Exploring Missing Modality in Multimodal Egocentric Datasets
Merey Ramazanova, Alejandro Pardo, Humam Alwassel, Bernard Ghanem
TL;DR
This work tackles missing modalities in multimodal egocentric video understanding by introducing the Missing Modality Token (MMT), a learnable representation for absent inputs integrated into a Multimodal Bottleneck Transformer backbone. By training with modal-incomplete data and a random-replace strategy, MMT substantially mitigates test-time performance drops caused by missing modalities across Ego4D, Epic-Kitchens, and Epic-Sounds, reducing the drop from about 30 to roughly 10 percentage points at high missingness. The authors provide thorough ablations on fusion layer placement, training data composition, and comparisons to baselines and prompts-based methods, demonstrating robust performance under various incomplete-signal scenarios, including when both modalities are missing.

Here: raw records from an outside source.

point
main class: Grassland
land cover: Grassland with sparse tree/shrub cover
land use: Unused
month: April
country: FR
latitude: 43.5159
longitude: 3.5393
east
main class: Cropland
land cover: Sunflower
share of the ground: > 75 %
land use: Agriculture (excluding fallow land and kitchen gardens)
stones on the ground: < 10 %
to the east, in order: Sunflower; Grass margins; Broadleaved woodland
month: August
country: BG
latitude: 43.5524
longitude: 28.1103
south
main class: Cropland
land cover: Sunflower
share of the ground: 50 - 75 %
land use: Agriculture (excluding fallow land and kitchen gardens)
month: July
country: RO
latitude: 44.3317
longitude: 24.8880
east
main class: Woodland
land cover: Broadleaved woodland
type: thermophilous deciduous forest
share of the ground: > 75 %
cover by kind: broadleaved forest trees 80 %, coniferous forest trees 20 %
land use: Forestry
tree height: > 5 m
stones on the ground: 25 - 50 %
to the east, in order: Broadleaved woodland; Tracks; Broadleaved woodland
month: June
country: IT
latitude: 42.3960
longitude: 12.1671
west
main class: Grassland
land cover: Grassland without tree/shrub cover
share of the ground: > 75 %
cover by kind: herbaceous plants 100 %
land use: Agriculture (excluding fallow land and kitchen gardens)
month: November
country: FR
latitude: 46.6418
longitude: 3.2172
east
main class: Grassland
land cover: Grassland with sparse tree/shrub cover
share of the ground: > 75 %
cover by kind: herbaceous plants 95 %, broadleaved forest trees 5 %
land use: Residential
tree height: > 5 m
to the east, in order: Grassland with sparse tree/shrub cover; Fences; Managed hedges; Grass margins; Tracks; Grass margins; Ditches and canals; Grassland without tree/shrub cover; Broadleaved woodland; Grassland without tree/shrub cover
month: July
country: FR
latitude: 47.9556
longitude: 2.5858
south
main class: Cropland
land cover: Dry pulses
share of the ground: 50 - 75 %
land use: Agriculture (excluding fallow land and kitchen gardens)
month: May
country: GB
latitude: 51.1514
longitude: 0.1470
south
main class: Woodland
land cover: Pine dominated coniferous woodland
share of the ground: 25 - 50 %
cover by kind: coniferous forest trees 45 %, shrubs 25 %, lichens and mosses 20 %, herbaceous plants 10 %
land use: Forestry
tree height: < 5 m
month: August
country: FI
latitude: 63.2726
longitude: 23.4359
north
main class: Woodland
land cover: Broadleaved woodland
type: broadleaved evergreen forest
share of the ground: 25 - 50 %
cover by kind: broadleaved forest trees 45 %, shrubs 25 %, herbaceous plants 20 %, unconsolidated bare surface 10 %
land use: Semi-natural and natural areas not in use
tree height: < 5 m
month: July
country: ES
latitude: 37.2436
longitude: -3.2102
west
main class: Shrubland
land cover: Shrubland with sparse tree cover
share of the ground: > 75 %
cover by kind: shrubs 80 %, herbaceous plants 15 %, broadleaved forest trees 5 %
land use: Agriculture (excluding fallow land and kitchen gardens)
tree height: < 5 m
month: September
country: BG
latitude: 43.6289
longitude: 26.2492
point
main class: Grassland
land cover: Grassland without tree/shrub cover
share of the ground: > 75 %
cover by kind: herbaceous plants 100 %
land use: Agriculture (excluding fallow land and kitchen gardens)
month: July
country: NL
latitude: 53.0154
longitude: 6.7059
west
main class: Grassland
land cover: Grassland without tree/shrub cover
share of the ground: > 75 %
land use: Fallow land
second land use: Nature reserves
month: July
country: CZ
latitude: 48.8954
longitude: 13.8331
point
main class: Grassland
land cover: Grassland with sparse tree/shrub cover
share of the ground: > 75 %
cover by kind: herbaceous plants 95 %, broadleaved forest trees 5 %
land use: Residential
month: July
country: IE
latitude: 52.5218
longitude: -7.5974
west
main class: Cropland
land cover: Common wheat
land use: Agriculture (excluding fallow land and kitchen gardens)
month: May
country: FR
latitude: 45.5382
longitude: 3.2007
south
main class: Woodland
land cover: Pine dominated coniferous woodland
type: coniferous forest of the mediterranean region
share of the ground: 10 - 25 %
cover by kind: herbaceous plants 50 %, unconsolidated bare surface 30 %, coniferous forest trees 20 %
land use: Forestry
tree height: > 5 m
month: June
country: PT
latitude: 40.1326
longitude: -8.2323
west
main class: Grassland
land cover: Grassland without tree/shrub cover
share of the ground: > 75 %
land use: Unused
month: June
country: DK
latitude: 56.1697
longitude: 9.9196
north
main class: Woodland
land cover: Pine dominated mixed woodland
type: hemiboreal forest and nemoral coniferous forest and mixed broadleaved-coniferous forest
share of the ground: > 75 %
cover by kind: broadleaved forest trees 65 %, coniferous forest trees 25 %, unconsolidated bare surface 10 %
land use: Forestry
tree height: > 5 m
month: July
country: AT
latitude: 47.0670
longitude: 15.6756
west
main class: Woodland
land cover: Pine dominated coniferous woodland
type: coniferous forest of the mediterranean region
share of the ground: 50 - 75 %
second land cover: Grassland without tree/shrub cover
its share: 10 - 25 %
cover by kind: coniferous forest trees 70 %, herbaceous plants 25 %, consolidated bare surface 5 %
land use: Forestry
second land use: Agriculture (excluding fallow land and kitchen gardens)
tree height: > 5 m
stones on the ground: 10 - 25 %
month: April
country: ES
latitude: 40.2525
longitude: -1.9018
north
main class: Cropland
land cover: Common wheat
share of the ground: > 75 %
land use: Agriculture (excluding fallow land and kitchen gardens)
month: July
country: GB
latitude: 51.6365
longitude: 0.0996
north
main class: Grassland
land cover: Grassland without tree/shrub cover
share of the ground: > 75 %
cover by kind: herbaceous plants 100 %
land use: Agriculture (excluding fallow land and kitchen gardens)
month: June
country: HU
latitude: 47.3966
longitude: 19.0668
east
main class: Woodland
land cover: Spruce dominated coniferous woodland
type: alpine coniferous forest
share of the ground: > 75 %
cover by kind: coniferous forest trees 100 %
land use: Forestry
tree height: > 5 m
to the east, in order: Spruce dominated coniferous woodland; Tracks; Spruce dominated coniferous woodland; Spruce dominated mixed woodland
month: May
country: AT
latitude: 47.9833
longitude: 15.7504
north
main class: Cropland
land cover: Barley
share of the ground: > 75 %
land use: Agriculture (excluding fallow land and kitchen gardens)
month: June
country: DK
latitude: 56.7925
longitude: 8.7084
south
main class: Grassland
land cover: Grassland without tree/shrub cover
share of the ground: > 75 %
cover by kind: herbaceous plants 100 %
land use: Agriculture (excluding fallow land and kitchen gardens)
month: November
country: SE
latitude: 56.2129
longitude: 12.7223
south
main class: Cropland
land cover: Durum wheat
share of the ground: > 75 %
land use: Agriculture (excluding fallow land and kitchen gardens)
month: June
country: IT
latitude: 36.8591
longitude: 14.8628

Overall, the approach enables more resilient audiovisual egocentric models suitable for privacy, efficiency, and hardware-challenged real-world settings, with clear guidance on when and how to deploy MMT across datasets.
Abstract
Multimodal video understanding is crucial for analyzing egocentric videos, where integrating multiple sensory signals significantly enhances action recognition and moment localization. However, practical applications often grapple with incomplete modalities due to factors like privacy concerns, efficiency demands, or hardware malfunctions. Addressing this, our study delves into the impact of missing modalities on egocentric action recognition, particularly within transformer-based models. We introduce a novel concept -Missing Modality Token (MMT)-to maintain performance even when modalities are absent, a strategy that proves effective in the Ego4D, Epic-Kitchens, and Epic-Sounds datasets. Our method mitigates the performance loss, reducing it from its original $\sim 30\%$ drop to only $\sim 10\%$ when half of the test set is modal-incomplete. Through extensive experimentation, we demonstrate the adaptability of MMT to different training scenarios and its superiority in handling missing modalities compared to current methods. Our research contributes a comprehensive analysis and an innovative approach, opening avenues for more resilient multimodal systems in real-world settings.